━━━━━ DATA PROVIDED

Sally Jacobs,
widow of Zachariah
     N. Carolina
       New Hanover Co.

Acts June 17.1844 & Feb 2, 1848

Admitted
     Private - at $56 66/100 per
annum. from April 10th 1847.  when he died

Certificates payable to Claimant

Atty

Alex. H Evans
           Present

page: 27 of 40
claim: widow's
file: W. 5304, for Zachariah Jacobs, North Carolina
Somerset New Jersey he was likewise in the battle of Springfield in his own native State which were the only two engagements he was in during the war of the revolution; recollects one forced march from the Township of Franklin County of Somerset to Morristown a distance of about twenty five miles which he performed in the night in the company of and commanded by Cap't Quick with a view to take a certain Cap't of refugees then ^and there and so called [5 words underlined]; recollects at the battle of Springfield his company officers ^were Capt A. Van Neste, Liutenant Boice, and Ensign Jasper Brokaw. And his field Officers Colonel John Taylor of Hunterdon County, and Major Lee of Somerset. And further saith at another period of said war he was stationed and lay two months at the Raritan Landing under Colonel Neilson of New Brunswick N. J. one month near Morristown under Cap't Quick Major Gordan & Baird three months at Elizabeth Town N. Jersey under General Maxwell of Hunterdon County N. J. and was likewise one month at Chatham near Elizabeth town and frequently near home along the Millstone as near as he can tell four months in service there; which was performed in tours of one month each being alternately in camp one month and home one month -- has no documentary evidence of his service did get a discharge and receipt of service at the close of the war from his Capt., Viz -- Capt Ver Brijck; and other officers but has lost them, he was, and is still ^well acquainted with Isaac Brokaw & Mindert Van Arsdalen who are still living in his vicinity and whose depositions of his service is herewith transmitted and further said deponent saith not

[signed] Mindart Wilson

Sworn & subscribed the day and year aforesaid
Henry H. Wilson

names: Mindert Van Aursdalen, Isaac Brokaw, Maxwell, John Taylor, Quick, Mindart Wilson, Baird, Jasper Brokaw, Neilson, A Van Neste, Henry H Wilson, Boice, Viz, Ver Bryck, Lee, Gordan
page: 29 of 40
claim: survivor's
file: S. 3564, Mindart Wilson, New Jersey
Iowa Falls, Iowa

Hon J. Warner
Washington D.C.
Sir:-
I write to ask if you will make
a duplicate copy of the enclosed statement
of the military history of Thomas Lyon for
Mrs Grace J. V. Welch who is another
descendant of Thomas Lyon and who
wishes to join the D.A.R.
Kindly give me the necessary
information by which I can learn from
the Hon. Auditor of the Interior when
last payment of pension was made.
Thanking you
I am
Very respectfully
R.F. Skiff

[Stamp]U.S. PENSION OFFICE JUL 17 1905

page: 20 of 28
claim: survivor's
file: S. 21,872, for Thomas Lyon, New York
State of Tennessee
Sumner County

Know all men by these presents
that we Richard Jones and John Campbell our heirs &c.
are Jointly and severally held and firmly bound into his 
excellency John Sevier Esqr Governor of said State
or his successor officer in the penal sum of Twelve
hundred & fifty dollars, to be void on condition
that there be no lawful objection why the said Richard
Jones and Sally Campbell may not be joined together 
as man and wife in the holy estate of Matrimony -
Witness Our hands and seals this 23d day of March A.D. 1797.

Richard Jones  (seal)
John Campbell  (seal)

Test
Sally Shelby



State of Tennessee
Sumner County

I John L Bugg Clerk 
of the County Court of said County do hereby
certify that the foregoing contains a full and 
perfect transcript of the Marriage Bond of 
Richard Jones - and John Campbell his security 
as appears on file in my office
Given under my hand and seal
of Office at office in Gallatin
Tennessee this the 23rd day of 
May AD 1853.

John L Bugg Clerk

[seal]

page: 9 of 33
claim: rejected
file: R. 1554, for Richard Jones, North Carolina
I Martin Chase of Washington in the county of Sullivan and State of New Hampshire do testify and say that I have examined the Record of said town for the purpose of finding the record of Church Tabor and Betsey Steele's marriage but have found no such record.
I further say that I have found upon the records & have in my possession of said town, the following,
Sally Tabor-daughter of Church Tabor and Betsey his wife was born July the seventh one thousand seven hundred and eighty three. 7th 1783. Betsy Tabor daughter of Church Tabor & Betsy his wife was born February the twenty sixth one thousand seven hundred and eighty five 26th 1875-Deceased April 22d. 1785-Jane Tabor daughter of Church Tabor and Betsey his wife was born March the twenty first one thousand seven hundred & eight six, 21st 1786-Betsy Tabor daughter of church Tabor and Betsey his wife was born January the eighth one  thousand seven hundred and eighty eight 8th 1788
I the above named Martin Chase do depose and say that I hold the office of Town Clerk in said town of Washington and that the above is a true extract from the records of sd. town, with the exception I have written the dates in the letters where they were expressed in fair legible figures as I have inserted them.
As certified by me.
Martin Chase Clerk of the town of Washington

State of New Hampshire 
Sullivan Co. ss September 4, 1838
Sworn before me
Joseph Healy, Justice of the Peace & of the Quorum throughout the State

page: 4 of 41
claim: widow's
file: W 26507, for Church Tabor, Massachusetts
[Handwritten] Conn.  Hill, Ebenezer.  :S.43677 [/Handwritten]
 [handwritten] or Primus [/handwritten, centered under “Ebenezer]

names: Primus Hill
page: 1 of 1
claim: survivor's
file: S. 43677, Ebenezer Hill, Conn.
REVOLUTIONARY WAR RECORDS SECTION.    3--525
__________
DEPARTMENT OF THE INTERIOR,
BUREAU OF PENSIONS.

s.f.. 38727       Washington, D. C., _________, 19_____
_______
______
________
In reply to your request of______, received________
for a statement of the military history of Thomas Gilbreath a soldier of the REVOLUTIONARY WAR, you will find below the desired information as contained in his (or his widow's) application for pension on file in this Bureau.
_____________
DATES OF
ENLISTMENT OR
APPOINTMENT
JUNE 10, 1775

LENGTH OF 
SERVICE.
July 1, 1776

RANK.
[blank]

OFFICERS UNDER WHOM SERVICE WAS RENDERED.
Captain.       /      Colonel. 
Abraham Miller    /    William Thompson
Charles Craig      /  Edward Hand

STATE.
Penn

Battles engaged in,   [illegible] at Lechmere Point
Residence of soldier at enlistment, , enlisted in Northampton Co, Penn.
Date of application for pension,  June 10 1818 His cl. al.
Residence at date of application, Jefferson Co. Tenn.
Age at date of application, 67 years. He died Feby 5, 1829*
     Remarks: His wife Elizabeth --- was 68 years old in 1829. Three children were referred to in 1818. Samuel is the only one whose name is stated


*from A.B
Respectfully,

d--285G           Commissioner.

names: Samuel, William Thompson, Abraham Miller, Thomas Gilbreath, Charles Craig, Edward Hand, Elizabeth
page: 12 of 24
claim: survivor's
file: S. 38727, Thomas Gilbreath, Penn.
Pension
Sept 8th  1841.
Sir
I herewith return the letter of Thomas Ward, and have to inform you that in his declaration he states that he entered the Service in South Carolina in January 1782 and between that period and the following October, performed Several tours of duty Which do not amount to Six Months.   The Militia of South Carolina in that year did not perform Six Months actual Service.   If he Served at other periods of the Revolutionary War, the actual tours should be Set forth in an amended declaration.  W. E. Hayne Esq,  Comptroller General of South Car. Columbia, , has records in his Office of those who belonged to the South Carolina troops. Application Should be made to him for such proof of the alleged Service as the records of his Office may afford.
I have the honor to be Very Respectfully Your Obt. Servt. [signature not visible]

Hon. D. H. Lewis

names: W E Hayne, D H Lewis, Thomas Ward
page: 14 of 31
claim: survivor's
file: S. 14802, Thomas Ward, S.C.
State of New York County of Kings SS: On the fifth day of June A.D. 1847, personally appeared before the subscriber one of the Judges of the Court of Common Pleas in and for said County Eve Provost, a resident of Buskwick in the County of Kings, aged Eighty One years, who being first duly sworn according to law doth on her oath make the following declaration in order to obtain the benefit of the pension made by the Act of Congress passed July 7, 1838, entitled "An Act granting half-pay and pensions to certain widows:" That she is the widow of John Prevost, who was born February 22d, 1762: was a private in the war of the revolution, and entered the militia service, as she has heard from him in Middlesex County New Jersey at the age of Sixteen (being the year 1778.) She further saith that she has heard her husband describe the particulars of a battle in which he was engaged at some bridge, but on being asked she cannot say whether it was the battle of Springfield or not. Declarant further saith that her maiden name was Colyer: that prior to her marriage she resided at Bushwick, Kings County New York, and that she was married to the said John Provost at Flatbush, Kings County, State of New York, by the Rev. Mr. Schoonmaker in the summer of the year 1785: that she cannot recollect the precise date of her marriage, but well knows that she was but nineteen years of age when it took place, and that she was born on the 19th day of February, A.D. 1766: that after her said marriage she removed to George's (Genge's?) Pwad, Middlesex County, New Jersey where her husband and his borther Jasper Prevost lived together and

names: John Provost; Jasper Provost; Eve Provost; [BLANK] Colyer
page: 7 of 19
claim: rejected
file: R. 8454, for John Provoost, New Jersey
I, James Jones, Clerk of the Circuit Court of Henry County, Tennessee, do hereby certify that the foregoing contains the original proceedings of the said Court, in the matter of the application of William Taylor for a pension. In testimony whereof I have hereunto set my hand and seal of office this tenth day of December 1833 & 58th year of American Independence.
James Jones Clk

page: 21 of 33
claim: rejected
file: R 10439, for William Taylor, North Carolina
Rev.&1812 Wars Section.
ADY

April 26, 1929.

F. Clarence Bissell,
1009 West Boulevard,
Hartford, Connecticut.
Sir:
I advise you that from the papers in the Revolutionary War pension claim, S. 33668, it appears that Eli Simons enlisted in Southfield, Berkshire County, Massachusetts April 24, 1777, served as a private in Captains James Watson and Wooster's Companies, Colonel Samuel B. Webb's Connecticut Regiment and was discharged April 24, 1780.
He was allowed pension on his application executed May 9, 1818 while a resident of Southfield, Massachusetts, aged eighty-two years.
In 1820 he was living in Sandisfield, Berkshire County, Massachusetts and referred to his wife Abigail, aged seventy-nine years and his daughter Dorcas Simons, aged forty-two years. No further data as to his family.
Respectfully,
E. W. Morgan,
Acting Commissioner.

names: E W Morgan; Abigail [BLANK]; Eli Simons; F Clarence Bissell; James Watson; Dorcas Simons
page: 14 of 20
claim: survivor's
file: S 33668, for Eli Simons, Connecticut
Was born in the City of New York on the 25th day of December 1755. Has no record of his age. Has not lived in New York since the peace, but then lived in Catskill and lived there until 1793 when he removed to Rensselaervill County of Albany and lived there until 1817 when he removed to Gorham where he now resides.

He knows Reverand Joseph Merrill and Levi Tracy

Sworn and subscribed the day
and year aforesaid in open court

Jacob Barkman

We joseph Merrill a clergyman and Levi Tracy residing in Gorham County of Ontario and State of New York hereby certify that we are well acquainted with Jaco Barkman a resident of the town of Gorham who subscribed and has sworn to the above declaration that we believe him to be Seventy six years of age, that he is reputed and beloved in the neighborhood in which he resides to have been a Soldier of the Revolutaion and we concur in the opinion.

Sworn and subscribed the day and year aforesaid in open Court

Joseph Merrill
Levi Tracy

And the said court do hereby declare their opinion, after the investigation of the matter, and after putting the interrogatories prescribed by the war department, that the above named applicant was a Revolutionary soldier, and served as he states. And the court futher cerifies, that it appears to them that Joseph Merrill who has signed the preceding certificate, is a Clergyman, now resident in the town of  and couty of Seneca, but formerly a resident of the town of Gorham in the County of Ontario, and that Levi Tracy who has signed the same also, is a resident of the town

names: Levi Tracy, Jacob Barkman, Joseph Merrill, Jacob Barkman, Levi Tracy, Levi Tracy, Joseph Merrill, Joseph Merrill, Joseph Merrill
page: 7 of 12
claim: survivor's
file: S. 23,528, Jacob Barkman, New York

━━━━━━━━━━

TASK GOAL: Up to and including the line that holds "file: W. 5304, for", reproduce the records above exactly from their first line, and give nothing else.

RESPONSE BELOW:
Sally Jacobs,
widow of Zachariah
     N. Carolina
       New Hanover Co.

Acts June 17.1844 & Feb 2, 1848

Admitted
     Private - at $56 66/100 per
annum. from April 10th 1847.  when he died

Certificates payable to Claimant

Atty

Alex. H Evans
           Present

page: 27 of 40
claim: widow's
file: W. 5304, for Zachariah Jacobs, North Carolina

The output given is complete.